Task description: Where in the data does the word "Total" appear? Find those lines and copy them.

[Excerpts from a dataset]
= = = = =
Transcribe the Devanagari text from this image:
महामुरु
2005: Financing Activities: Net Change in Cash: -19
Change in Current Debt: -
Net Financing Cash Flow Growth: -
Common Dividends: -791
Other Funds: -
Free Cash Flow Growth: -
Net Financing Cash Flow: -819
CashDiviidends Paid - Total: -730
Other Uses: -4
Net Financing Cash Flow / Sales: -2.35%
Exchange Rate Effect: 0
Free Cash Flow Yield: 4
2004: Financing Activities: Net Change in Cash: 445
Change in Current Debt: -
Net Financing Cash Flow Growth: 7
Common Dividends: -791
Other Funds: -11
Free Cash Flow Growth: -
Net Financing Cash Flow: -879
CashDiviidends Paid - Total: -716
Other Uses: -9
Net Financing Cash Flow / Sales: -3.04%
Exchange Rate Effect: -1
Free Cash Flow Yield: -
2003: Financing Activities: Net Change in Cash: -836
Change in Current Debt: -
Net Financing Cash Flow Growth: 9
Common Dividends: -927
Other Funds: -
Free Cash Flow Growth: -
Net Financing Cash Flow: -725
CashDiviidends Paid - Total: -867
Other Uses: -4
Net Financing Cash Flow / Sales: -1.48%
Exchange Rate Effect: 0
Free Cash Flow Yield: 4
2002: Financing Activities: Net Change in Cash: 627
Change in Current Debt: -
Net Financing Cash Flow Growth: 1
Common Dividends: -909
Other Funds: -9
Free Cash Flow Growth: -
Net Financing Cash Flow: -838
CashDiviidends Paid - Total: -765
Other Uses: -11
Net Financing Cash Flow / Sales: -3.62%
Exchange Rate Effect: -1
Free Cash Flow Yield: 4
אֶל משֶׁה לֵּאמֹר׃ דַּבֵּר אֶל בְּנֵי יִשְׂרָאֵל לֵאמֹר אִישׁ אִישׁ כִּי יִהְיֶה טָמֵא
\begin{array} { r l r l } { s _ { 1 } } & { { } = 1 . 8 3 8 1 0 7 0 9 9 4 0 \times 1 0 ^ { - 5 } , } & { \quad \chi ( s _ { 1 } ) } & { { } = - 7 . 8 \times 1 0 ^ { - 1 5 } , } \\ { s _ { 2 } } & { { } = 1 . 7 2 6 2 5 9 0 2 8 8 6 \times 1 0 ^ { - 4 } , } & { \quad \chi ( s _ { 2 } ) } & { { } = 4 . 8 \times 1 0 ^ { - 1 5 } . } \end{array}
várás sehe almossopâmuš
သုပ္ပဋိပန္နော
= = = = =
Final answer:
CashDiviidends Paid - Total: -730
CashDiviidends Paid - Total: -716
CashDiviidends Paid - Total: -867
CashDiviidends Paid - Total: -765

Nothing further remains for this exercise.